To the first of these proposals it is sufficient to reply that both Governments have by the solemn engagement of the Protocol committed to their direct representatives here assembled the duty of concluding a definitive treaty of peace which shall determine the destiny of the archipelago. That these representatives shall, after weeks of patient investigation and interchange of views in oral discussion and written argument, surrender their task unaccomplished to other representatives of the same Governments, is a suggestion which cannot be seriously entertained. Indeed, the memorandum of the Spanish Commissioners frankly admits that in the event of a new disagreement the situation would be the same as that which now confronts the Paris conference. It is equally futile now to invite arbitration as to the meaning of terms plainly expressed in the Protocol. "To avoid misunderstanding," as the United States declared in its note of the 10th of August, the precise agreement of the two Governments was put into a concise and simple form. Shall it be said that this Joint Commission is incapable of interpreting the very compact under which it has assembled! The principle of international arbitration can have no application to such a case. To avoid war no government, it is believed, will do or suffer more than the one which the American Commissioners have the honor to represent in this conference. Unfortunately no way for arbitration was opened before the actual conflict began. Arbitration, as we have had occasion heretofore to observe, precedes war, to avoid its horrors; it does not come after the trial by battle to enable either party to escape its consequences.

The American Commissioners, feeling that this body must accept the responsibility of reaching conclusions, must decline to ask the assistance of an arbitrator. It is true that the very constitution of a joint commission like the present presupposes a possible irreconcilable difference of opinion of representatives of one nation opposed to others of equal number and authority. In such an event, nothing remains but for one of the contesting parties to yield its opinions in order that a peaceful solution may be reached. In the present case the American Commissioners have determined to make concessions to the extent embodied in the proposals which will conclude this memorandum.
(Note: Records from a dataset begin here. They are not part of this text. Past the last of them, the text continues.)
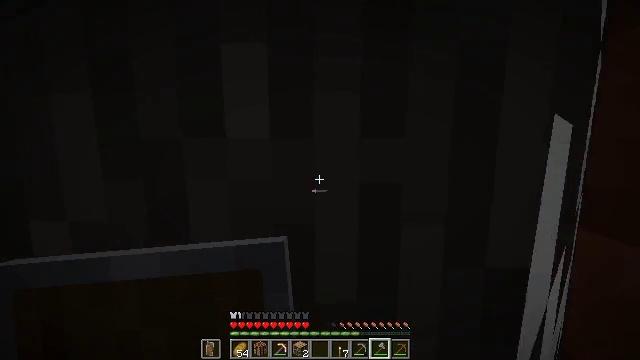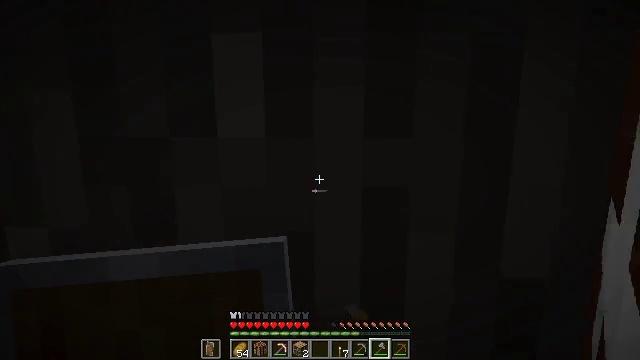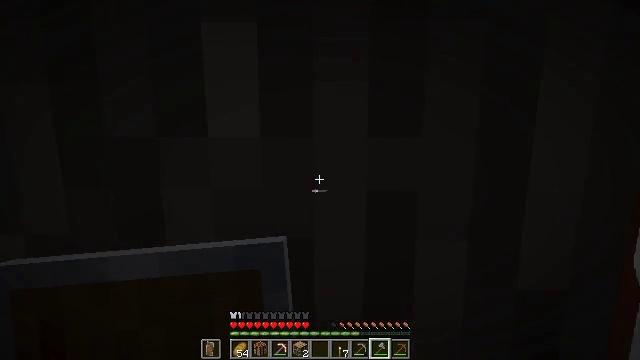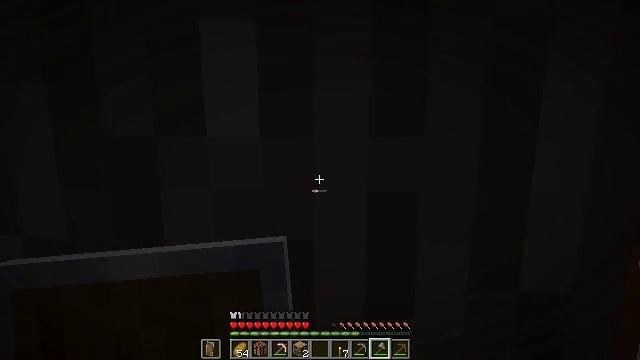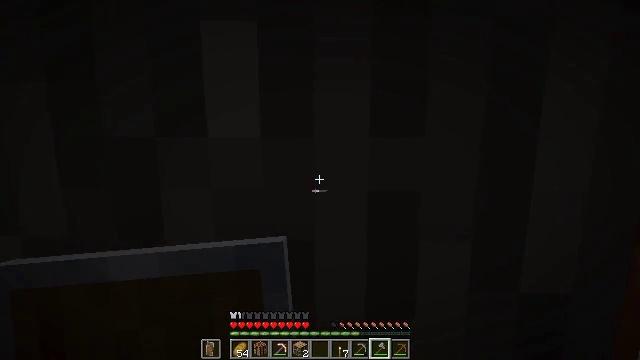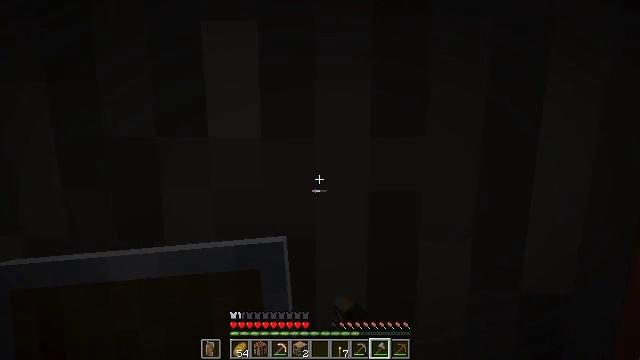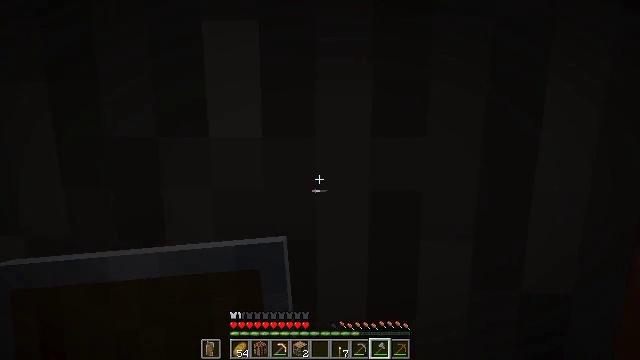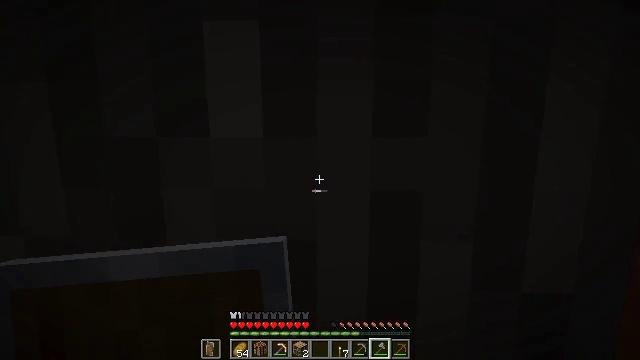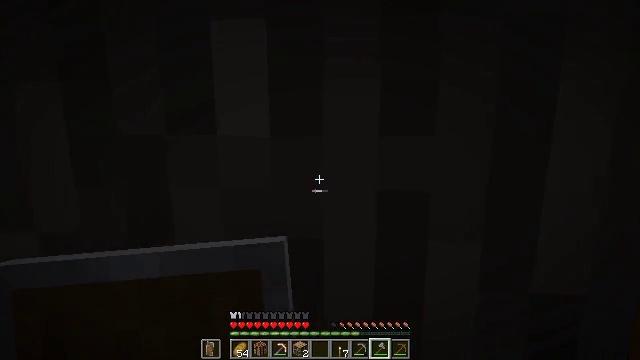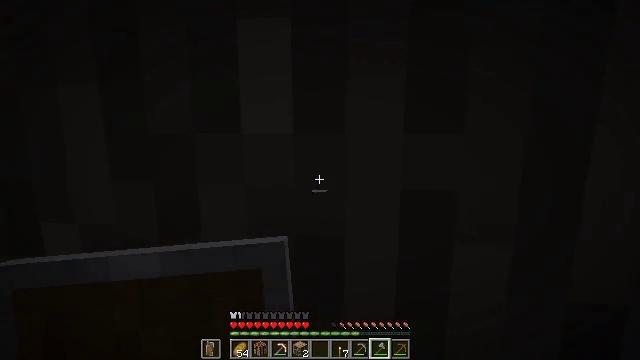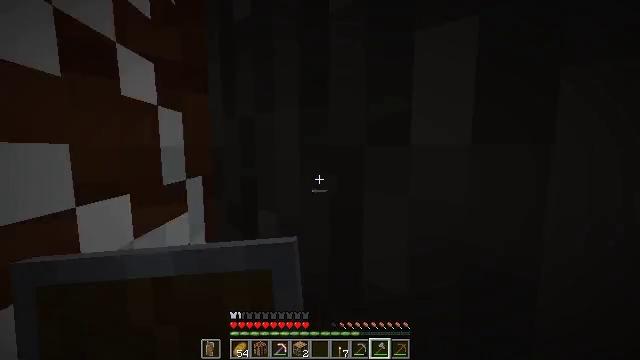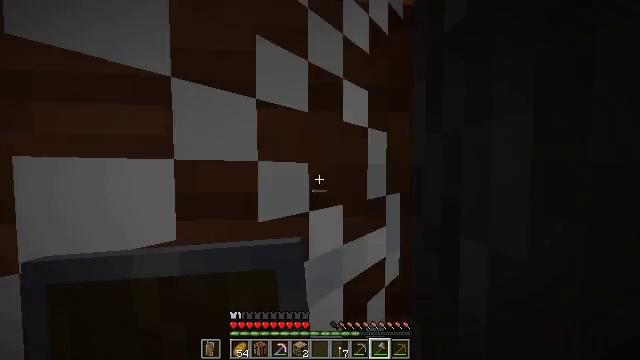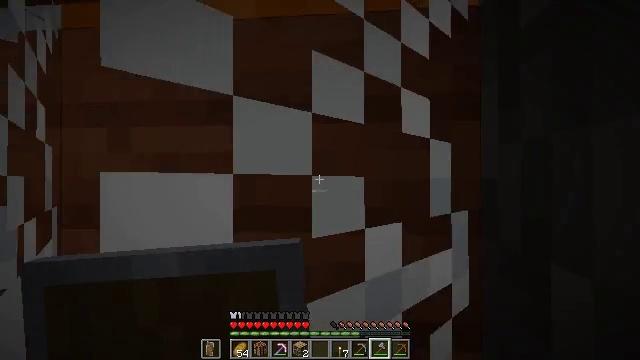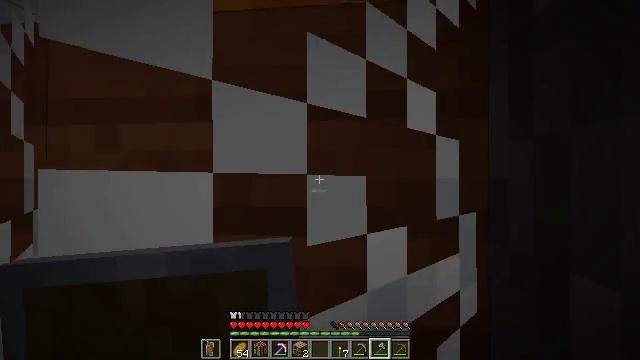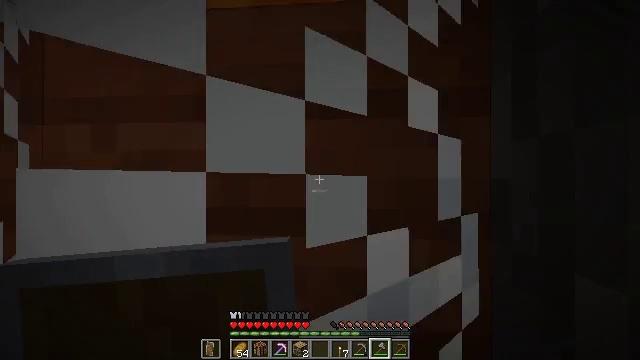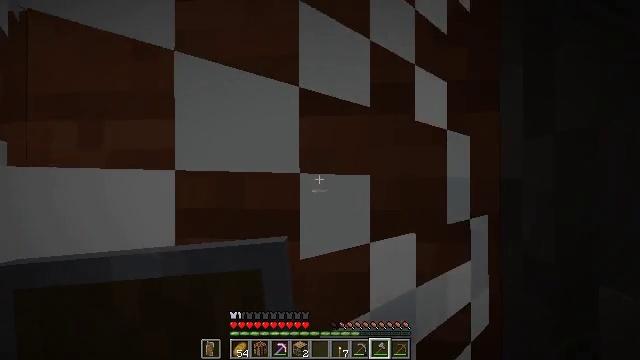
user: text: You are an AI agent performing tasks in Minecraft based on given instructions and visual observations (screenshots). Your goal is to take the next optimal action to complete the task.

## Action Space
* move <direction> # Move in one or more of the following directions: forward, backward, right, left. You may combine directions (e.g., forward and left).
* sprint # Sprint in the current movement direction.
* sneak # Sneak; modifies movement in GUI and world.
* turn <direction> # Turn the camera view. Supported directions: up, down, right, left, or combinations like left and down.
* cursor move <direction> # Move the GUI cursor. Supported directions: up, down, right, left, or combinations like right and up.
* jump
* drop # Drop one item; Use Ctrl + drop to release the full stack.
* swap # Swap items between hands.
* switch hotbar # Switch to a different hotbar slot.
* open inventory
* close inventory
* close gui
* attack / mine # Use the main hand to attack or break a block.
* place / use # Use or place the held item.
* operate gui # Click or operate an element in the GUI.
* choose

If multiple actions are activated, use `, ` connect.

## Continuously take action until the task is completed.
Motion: motion action
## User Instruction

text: Destroy the bookshelf.
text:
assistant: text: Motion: move forward, attack / mine
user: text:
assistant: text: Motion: move forward, attack / mine
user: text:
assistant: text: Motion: move forward, attack / mine
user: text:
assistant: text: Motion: move forward, attack / mine
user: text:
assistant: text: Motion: move forward, attack / mine
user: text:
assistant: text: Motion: move forward, attack / mine
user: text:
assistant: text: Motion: move forward, attack / mine
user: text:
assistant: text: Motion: move forward, turn left, attack / mine
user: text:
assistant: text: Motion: move forward, turn left
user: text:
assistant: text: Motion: move forward, turn left and up
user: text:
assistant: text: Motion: move forward, turn left and up
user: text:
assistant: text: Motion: move forward, turn left and up
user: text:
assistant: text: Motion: move forward and move right
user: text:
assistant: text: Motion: move forward and move right
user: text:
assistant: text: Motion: move forward and move right
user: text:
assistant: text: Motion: move forward and move right
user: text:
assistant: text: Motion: move forward, turn left, jump
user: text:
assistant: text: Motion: move forward, turn left, jump
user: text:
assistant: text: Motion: move forward, jump
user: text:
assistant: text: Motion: move forward, jump
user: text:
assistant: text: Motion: move forward, turn up, jump
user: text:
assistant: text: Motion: move forward, jump
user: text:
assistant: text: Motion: move forward, jump
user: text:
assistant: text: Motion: move forward, jump
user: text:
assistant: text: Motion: move forward, jump
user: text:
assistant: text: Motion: move forward, jump
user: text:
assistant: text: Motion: move forward, turn up, jump
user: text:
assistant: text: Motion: move forward, turn left and up, jump
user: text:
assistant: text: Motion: move forward, turn up, jump
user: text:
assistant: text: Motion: move forward, jump

The United States is accused by the Spanish Commissioners of harsh and severe measures in dealing with a discomfited enemy. In the light of events which led to and characterized the war, no less than of historical precedents which might be cited, this charge is found to be entirely groundless.
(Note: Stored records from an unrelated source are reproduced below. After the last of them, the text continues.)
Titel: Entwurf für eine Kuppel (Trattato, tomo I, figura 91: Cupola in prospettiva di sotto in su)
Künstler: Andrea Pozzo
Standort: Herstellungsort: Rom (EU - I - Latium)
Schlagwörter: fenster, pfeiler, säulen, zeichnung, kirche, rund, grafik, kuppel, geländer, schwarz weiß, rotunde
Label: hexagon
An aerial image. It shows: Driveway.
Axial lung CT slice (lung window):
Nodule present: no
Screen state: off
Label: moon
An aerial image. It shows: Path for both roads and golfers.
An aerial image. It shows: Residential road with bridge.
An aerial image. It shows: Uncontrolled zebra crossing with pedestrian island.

For half a century the attempts of the Cubans to overthrow the sovereignty of Spain over the island, within a hundred miles of the shores of the United States, have produced serious disturbances in that country, grave and constant interference with its commerce, and frequent danger of the rupture of friendly relations with Spain. How could the conditions existing in the island be otherwise than of vital concern to us? The Cubans were our neighbors, with whom our relations were necessarily intimate and extensive; and they had been engaged in a struggle for independence with stronger reasons than existed in our own case when we rebelled against the mother country. The revolution of 1895, like the prior attempts at independence, entailed upon us heavy burdens. It made it necessary to patrol our coasts, to tax both civil and military resources in order to detect and prevent expeditions from our shores in the interests of the insurgents, and to repress the natural sympathy of our citizens, while we remained passive witnesses of misery, bloodshed and starvation in a land of plenty almost within sight of our borders. At length came the destruction of the battleship Maine in the harbor of Havana, with the loss of 266 of her crew. While we may not attribute this catastrophe to the direct act of a Spanish official, it betrayed, in the opinion of the United States, such neglect or inability on the part of Spain to secure the safety of the ship of a friendly nation in the principal harbor of the island as to induce Congress to recite it as an outgrowth of conditions which required our intervention.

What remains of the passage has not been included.